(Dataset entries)
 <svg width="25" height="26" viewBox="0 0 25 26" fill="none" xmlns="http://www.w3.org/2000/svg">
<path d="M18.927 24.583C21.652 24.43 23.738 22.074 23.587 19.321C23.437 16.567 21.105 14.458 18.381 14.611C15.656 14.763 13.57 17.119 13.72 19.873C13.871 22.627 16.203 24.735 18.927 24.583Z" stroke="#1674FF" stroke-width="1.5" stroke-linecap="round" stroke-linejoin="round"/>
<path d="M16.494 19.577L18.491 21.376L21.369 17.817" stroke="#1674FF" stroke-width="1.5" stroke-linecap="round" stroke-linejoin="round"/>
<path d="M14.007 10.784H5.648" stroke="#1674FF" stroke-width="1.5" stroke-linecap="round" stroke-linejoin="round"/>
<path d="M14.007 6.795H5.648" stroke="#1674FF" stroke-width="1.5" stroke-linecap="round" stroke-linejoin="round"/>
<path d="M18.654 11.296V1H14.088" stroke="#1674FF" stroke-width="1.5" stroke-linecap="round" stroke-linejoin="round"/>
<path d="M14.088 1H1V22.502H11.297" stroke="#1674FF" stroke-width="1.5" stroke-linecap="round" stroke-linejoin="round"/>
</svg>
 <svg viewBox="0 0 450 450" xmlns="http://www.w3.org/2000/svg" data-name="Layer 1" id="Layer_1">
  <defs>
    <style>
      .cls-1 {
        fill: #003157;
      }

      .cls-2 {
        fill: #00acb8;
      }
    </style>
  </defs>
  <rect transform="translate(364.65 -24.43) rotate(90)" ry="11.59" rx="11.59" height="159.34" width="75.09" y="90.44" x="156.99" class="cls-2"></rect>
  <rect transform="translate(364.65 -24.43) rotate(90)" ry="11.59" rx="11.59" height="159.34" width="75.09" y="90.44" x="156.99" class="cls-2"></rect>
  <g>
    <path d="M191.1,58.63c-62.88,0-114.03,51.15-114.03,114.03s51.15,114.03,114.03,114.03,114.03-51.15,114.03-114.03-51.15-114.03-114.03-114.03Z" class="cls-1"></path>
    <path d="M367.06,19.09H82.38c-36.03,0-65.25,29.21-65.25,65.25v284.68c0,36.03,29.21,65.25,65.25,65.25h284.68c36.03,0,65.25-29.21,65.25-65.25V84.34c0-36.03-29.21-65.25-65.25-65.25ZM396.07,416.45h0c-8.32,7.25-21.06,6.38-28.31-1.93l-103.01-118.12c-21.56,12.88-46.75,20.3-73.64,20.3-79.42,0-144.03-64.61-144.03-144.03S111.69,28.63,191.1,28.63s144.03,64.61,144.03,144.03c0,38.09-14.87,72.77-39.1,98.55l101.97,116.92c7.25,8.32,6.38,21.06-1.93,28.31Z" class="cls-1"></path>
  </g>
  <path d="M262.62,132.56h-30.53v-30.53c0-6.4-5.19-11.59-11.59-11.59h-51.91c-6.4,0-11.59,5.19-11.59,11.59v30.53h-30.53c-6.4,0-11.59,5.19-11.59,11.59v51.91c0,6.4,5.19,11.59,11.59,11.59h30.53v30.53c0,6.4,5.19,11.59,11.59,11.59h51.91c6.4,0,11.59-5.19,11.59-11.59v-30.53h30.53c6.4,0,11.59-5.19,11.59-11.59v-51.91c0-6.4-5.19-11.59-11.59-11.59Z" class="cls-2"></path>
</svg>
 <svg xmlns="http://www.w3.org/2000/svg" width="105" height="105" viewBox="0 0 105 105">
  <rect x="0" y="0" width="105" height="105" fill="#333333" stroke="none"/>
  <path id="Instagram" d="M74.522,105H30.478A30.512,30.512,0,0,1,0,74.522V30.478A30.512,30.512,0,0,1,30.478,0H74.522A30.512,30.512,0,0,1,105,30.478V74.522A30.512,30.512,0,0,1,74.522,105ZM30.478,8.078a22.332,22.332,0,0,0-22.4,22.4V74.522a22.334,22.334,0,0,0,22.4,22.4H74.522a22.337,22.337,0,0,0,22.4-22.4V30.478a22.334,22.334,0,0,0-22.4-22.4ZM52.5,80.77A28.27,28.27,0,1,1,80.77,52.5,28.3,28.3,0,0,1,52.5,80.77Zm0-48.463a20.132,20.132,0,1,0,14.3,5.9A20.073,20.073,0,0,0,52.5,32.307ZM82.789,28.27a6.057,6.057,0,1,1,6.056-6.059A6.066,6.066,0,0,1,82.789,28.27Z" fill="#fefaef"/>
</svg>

### [About this task]
Print exactly the lines from the beginning of the entries through the line with "24.583C21.652 24.43 23.738". Output nothing more.

### [Output]
 <svg width="25" height="26" viewBox="0 0 25 26" fill="none" xmlns="http://www.w3.org/2000/svg">
<path d="M18.927 24.583C21.652 24.43 23.738 22.074 23.587 19.321C23.437 16.567 21.105 14.458 18.381 14.611C15.656 14.763 13.57 17.119 13.72 19.873C13.871 22.627 16.203 24.735 18.927 24.583Z" stroke="#1674FF" stroke-width="1.5" stroke-linecap="round" stroke-linejoin="round"/>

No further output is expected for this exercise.